**HOW TO COMPLETE THIS TASK**
Your answer should consist only of the lines below from the one with "Locate the window pane at (280, 2)" through the one with "Fit a 3-D box to the window at", copied exactly.

Stored data entries
....................

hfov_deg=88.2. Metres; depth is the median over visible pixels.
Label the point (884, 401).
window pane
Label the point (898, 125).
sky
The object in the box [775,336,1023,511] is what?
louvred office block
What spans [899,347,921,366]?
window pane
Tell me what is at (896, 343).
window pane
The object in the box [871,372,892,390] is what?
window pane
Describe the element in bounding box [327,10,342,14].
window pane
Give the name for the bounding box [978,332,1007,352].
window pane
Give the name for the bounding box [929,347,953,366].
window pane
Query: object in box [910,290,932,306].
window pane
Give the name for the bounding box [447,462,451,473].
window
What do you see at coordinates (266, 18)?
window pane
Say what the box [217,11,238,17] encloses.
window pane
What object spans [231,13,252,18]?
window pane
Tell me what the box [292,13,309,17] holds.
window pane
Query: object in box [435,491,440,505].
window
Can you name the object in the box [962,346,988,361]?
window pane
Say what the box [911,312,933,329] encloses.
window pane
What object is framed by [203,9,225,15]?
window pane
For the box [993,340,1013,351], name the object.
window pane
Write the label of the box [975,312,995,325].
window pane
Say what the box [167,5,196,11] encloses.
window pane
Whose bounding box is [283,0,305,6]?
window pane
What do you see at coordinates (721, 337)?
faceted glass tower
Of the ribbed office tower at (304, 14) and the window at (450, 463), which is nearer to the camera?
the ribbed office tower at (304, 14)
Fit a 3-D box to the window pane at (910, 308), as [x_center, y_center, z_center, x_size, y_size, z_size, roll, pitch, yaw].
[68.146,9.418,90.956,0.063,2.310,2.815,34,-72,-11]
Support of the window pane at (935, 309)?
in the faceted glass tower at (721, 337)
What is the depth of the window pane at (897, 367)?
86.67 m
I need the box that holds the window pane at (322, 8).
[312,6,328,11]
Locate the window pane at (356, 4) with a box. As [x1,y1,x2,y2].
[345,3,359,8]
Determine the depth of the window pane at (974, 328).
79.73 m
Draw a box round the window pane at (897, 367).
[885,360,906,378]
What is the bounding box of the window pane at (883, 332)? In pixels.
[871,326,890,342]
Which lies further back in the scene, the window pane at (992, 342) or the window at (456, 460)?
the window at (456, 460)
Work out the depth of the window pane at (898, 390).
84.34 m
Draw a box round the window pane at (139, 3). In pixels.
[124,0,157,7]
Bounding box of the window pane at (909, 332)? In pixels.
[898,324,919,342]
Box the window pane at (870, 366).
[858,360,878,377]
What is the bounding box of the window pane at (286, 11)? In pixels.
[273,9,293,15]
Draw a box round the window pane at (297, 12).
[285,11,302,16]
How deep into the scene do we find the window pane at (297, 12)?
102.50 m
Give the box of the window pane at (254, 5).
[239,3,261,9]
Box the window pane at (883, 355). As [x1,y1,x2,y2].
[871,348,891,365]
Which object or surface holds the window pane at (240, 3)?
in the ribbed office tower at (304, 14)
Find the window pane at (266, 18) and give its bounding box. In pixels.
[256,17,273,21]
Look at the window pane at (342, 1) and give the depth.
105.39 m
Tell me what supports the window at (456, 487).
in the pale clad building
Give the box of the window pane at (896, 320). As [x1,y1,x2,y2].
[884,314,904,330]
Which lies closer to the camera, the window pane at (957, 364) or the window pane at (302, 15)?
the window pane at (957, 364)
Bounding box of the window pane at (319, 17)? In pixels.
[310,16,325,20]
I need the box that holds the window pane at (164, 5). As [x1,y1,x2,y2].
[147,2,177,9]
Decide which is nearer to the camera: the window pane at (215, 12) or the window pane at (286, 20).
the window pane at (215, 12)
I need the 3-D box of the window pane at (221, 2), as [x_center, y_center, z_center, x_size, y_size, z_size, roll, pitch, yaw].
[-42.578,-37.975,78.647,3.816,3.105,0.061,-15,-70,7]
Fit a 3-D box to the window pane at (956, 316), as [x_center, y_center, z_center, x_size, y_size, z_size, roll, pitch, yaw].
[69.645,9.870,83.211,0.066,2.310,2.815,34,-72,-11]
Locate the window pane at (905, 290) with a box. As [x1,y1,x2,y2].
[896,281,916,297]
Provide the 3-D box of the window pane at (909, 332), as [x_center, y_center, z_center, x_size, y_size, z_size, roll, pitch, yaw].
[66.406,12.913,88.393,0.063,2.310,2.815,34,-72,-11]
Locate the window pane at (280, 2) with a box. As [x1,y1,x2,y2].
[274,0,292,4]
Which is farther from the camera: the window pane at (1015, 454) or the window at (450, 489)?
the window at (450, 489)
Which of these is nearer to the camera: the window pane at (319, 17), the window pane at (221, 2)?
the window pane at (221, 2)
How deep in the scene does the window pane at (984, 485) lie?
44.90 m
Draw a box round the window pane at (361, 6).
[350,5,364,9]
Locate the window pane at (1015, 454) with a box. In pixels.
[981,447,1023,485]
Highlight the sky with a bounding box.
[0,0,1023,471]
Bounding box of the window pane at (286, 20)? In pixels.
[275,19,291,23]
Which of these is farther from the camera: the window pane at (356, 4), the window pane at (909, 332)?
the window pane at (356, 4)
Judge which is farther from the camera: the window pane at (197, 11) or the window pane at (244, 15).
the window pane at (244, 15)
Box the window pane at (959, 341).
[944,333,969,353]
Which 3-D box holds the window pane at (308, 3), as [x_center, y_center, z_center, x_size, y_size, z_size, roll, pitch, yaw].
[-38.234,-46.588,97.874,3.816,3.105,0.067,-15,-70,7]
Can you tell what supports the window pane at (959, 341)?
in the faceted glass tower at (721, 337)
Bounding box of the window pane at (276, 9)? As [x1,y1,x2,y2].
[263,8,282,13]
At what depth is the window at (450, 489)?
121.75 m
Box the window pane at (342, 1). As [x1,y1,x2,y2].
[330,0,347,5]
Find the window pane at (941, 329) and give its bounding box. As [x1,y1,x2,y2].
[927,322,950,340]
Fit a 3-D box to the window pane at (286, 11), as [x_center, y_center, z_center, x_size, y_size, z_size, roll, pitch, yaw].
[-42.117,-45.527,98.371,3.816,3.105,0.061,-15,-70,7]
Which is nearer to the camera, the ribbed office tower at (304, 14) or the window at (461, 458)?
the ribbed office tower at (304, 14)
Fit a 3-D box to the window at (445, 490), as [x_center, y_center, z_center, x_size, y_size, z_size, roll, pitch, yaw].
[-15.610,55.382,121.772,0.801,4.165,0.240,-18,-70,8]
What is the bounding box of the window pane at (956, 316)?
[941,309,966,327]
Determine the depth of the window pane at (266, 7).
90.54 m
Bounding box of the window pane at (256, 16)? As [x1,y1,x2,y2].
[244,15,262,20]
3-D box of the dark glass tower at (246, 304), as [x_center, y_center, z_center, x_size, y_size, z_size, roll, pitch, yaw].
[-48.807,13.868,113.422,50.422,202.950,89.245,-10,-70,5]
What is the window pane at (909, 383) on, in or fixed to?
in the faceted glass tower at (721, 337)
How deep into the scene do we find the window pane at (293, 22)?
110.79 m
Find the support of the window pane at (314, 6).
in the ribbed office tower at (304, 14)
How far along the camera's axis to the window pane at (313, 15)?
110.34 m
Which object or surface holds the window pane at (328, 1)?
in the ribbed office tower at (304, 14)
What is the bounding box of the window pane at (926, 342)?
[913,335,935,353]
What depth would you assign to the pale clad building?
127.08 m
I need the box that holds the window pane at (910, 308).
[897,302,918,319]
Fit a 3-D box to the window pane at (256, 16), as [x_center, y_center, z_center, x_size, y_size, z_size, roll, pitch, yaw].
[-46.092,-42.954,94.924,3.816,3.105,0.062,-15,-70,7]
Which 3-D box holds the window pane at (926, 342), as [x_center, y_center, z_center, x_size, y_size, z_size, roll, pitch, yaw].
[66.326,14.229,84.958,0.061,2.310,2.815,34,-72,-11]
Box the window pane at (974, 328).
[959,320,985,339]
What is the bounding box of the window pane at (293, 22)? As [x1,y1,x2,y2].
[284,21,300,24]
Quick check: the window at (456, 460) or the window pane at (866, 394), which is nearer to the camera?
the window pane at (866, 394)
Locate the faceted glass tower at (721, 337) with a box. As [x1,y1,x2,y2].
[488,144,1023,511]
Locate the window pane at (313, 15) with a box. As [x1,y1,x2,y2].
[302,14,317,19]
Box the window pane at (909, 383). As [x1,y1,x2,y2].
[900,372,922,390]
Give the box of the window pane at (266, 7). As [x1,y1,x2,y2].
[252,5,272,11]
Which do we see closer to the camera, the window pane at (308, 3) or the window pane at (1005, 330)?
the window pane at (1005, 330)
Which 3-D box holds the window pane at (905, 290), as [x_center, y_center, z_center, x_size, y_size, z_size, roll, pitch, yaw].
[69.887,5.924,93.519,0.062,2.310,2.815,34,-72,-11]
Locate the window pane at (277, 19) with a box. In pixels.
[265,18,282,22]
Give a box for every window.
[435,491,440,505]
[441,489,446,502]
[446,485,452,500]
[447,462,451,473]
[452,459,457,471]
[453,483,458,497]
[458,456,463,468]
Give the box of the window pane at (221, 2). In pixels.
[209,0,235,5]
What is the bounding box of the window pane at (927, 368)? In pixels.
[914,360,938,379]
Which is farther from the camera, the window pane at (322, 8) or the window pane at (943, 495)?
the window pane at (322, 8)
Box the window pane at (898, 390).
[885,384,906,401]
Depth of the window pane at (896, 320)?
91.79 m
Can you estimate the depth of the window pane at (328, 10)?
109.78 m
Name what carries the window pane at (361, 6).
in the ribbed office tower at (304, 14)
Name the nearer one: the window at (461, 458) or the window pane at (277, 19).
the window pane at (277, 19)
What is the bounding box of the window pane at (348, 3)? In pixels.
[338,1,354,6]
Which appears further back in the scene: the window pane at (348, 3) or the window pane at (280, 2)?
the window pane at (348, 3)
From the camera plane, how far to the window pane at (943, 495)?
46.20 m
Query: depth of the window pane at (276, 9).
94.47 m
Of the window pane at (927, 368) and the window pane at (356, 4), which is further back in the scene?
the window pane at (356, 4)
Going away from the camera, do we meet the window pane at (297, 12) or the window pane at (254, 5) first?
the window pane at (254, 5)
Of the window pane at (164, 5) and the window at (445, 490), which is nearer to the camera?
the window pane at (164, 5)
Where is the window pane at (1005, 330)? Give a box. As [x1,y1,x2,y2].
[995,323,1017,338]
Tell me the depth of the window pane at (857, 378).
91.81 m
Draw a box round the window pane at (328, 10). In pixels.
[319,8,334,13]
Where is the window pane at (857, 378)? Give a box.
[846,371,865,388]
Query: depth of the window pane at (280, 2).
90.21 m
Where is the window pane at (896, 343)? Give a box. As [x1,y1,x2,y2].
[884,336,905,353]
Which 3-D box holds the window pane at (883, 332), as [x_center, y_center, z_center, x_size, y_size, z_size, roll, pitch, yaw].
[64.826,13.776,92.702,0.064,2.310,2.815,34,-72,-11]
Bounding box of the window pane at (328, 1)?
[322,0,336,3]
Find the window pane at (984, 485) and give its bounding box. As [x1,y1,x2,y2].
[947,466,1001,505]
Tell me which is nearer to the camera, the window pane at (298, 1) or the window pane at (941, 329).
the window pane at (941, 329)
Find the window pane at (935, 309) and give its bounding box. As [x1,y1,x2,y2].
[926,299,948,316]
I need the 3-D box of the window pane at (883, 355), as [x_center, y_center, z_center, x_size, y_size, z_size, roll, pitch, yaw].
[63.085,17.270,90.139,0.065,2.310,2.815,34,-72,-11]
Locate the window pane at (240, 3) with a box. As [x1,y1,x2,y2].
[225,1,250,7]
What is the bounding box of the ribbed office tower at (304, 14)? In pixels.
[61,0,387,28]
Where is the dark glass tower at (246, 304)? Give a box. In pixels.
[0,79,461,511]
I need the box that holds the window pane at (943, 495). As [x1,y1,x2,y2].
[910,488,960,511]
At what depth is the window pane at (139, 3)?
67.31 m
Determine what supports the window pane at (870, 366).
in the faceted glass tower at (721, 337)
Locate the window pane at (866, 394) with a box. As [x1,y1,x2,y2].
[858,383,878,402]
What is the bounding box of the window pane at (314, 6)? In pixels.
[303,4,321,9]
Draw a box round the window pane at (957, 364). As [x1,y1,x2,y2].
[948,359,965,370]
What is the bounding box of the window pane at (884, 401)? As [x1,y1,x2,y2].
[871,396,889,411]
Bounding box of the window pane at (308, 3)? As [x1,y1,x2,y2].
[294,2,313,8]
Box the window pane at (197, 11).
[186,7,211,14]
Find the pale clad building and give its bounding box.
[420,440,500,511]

....................

**RESPONSE TO THIS EXERCISE**
Locate the window pane at (280, 2) with a box. As [x1,y1,x2,y2].
[274,0,292,4]
Which is farther from the camera: the window pane at (1015, 454) or the window at (450, 489)?
the window at (450, 489)
Which of these is nearer to the camera: the window pane at (319, 17), the window pane at (221, 2)?
the window pane at (221, 2)
How deep in the scene does the window pane at (984, 485) lie?
44.90 m
Draw a box round the window pane at (361, 6).
[350,5,364,9]
Locate the window pane at (1015, 454) with a box. In pixels.
[981,447,1023,485]
Highlight the sky with a bounding box.
[0,0,1023,471]
Bounding box of the window pane at (286, 20)? In pixels.
[275,19,291,23]
Which of these is farther from the camera: the window pane at (356, 4), the window pane at (909, 332)?
the window pane at (356, 4)
Judge which is farther from the camera: the window pane at (197, 11) or the window pane at (244, 15).
the window pane at (244, 15)
Box the window pane at (959, 341).
[944,333,969,353]
Which 3-D box holds the window pane at (308, 3), as [x_center, y_center, z_center, x_size, y_size, z_size, roll, pitch, yaw].
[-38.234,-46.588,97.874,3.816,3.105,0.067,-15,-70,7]
Can you tell what supports the window pane at (959, 341)?
in the faceted glass tower at (721, 337)
Bounding box of the window pane at (276, 9)? As [x1,y1,x2,y2].
[263,8,282,13]
At what depth is the window at (450, 489)?
121.75 m
Box the window pane at (342, 1). As [x1,y1,x2,y2].
[330,0,347,5]
Find the window pane at (941, 329) and give its bounding box. As [x1,y1,x2,y2].
[927,322,950,340]
Fit a 3-D box to the window pane at (286, 11), as [x_center, y_center, z_center, x_size, y_size, z_size, roll, pitch, yaw].
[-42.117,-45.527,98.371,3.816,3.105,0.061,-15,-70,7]
Which is nearer to the camera, the ribbed office tower at (304, 14) or the window at (461, 458)?
the ribbed office tower at (304, 14)
Fit a 3-D box to the window at (445, 490), as [x_center, y_center, z_center, x_size, y_size, z_size, roll, pitch, yaw].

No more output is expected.